How many times have you seen someone closing a revolver’s cylinder by giving a quick twist of the wrist, making the cylinder snap closed into the frame? It’s mostly done in movies, of course, as so many shooty bad habits occur, but I’ve actually seen it done at various ranges, shaking my head at the idiocy.
Here’s a quick video which explains why this action is stupid, and how it can damage the gun (often terminally, when repeated often).
A couple weeks ago I went shooting with a Reader at my local killing-practice facility, and one of the guns I brought along was my bedside gun, the S&W Model 65:
Now the thing about a bedside gun, as any fule kno, is that it absolutely, positively, has to work all the time with 100% reliability.
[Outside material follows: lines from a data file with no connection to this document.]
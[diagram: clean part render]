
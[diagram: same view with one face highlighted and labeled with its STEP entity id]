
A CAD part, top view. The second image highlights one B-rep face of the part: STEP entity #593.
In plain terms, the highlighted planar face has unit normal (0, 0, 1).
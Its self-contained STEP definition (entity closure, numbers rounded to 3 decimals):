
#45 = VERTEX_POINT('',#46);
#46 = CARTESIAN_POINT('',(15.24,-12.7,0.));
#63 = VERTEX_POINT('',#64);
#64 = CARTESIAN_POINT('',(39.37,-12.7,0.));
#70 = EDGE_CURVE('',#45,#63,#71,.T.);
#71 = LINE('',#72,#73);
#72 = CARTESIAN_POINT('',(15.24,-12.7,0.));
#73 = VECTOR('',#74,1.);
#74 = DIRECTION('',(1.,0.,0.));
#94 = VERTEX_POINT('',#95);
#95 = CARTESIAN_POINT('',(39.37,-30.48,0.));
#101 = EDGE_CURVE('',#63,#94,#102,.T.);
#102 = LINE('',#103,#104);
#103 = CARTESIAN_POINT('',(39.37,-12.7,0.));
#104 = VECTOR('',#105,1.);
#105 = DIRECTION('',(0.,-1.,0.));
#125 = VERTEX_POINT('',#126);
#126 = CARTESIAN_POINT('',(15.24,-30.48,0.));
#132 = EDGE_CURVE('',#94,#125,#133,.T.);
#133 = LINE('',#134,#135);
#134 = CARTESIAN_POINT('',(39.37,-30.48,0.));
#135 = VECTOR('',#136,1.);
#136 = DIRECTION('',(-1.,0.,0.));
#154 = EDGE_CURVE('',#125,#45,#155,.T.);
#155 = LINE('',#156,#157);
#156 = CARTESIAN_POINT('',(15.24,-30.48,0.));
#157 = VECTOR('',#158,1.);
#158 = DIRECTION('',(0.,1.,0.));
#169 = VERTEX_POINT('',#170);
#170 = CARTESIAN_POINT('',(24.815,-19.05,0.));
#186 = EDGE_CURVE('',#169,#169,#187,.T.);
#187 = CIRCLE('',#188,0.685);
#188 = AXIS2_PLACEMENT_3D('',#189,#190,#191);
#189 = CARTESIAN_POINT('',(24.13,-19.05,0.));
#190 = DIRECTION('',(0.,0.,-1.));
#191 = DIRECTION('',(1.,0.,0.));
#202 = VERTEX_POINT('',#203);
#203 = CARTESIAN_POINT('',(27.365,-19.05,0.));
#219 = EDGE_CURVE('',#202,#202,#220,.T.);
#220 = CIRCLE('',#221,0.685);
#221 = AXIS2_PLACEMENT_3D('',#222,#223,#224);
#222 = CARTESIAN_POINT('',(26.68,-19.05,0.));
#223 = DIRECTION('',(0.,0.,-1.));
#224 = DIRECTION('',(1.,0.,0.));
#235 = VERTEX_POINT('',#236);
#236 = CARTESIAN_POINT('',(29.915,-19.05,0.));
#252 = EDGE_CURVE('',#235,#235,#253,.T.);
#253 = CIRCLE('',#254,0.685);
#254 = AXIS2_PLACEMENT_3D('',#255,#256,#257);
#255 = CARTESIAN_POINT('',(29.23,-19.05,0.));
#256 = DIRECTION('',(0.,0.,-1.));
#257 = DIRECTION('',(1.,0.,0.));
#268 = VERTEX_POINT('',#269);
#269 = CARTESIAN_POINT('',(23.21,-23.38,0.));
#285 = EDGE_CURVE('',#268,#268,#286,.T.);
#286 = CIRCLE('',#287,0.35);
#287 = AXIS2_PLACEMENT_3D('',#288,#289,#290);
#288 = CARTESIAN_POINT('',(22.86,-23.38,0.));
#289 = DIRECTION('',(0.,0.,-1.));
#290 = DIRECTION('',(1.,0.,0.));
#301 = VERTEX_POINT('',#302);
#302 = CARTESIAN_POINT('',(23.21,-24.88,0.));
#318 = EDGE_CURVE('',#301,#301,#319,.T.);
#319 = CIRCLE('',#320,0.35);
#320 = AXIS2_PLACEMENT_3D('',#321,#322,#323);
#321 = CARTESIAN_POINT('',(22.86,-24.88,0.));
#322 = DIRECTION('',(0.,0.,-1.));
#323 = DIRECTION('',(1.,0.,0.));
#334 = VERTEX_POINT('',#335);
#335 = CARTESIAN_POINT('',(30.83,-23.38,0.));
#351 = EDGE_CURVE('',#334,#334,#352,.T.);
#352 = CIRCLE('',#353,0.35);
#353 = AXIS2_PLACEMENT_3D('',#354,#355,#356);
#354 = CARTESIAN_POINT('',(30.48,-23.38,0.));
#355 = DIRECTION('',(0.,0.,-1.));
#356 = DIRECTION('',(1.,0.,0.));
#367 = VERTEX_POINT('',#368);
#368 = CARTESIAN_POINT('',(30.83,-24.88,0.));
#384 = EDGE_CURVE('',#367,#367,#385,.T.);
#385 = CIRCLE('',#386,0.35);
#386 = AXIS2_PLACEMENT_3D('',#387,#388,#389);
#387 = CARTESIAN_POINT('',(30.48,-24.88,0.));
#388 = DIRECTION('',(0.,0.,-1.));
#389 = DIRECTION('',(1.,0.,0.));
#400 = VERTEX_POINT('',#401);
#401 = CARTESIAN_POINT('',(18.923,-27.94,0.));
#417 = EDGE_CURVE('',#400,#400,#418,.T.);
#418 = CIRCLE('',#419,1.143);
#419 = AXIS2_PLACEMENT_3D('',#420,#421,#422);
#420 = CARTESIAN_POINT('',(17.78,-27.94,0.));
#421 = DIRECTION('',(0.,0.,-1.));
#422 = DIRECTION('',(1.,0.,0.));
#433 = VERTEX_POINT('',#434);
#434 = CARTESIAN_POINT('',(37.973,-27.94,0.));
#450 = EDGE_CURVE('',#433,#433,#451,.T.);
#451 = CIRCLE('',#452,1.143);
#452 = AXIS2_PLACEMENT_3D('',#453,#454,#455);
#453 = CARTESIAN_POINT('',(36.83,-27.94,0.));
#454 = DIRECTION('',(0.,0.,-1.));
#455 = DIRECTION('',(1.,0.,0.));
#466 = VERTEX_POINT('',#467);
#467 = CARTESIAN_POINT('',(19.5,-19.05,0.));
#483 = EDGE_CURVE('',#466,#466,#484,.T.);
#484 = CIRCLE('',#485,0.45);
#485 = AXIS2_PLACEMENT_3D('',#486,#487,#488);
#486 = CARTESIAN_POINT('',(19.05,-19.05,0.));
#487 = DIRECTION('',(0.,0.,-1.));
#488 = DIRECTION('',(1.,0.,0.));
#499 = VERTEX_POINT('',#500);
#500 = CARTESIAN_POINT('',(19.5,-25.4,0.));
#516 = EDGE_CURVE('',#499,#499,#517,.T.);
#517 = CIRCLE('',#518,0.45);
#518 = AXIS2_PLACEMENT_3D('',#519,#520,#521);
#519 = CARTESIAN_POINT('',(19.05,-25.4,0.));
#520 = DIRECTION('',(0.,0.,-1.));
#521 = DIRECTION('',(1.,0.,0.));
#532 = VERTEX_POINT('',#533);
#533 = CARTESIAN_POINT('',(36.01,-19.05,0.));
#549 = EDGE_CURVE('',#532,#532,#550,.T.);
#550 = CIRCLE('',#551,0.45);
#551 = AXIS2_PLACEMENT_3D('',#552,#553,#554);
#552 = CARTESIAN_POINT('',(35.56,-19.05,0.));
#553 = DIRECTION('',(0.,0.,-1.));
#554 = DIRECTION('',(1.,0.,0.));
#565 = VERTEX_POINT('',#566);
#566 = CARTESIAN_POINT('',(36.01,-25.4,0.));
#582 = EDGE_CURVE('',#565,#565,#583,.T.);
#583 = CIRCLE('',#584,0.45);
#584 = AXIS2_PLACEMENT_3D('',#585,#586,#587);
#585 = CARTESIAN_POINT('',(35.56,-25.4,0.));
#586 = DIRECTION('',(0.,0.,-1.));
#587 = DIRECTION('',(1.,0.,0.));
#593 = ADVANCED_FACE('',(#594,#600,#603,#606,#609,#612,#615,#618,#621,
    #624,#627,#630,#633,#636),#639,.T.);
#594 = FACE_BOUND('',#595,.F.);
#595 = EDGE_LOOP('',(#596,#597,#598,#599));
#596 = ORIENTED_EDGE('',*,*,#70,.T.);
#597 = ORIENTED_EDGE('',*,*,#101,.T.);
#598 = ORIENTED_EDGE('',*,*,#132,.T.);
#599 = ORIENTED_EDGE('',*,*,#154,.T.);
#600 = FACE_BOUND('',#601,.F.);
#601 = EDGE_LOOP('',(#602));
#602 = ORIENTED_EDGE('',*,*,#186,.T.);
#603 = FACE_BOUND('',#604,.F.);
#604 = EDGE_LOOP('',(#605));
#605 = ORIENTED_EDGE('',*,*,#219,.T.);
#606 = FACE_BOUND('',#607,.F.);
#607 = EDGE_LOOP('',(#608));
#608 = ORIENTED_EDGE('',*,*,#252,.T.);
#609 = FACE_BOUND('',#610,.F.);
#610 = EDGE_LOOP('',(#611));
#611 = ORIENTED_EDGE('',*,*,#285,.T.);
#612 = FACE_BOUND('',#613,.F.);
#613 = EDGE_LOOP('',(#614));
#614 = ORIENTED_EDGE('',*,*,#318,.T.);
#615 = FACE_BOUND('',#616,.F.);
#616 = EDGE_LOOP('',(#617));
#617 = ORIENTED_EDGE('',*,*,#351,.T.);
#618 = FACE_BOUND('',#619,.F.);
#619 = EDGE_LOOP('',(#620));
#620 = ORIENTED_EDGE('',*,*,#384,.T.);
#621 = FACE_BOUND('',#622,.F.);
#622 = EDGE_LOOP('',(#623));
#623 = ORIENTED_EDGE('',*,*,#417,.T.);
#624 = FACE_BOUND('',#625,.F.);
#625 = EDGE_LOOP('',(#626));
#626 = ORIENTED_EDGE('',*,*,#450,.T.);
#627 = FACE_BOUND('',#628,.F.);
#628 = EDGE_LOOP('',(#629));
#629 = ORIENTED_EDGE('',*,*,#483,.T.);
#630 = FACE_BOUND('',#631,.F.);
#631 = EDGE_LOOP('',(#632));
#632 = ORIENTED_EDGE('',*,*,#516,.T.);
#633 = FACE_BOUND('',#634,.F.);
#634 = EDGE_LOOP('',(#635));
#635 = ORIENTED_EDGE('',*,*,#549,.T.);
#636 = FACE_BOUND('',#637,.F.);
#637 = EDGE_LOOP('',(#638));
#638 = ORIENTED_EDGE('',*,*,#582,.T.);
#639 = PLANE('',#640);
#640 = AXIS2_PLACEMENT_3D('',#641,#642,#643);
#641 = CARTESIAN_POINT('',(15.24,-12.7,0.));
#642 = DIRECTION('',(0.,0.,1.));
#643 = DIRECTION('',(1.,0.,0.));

You pull the trigger, it has to go BANG and when you pop the cylinder release to reload (assuming such an action is necessary), it has to open so you can dump the empties… right?
Well, on this particular occasion the first part went as advertised, all six rounds going BANG. The second part? Nu-uh: the cylinder was stuck shut, and required a firm smack to get it to move. Not good. But I went ahead and reloaded it anyway, fired off the rounds, and popped the cylinder open — this time, without any problem.
I would have shrugged the earlier malfunction off, except for that irritating “100%” reliability thing. So I dumped the empties, closed the gun up unloaded — and the cylinder stuck closed again when I tried to open it.
Oh-oh.
Back at home, I checked the 65 out. Pawl bent? No. Ejector hangup on the frame? No. Powder buildup at the forcing cone? Dirty, to be sure, but after I polished it clean, the cylinder still wouldn’t open every time.
If there’s one thing I hate more than a malfunction, it’s an occasional malfunction.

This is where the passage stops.